En application de l’article R.412-6-1 du Code de la route, l’usage d’un téléphone tenu en main par le conducteur d’un véhicule en circulation est interdit. Cette infraction est punie d’une contravention de 2ème classe et d’une perte de deux points sur le permis.

Ainsi, le conducteur qui téléphone en utilisant un « bluetooth », un « kit main-libre » ou une « oreillette » ne saurait tomber sous le coup de cette incrimination, prévue par l’article cité supra, le code de la route ne réprimant pas l'utilisation de ces équipements.

Cependant, l’article R.412-6 du Code de la route énonce que tout conducteur doit se tenir constamment en état et en position d’exécuter commodément et sans délai toutes les manœuvres qui lui incombent. Le fait de contrevenir aux dispositions de cet article est puni d’une contravention de 2e classe.

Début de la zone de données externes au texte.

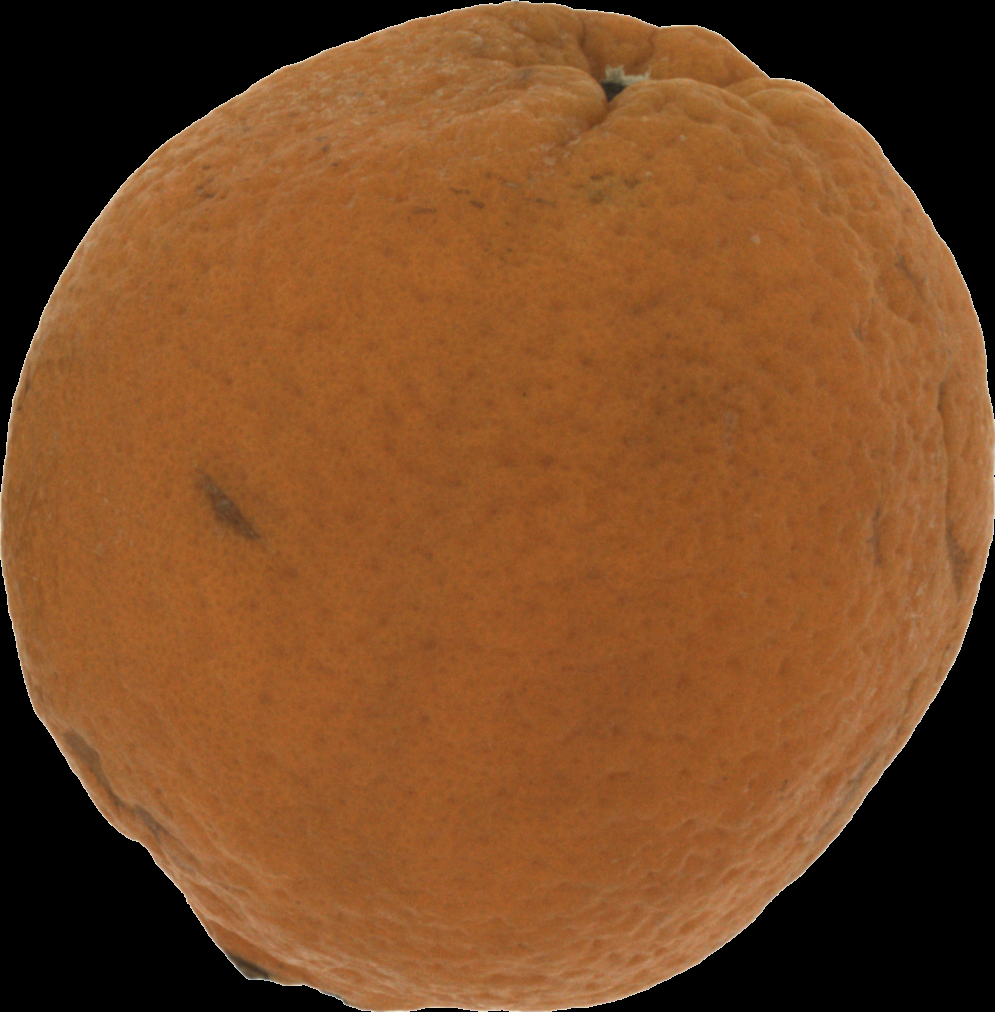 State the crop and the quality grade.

orange, bad

L’utilisation d’un « bluetooth », d’un « kit main-libre » ou d’une « oreillette » en conduisant peut être réprimée par les forces de l’ordre sur le fondement de l’article R.412-6 du Code de la route.

Nous déconseillons, donc, fortement leur utilisation en conduisant, en raison des risques de déconcentration et des accidents qu’elle génère.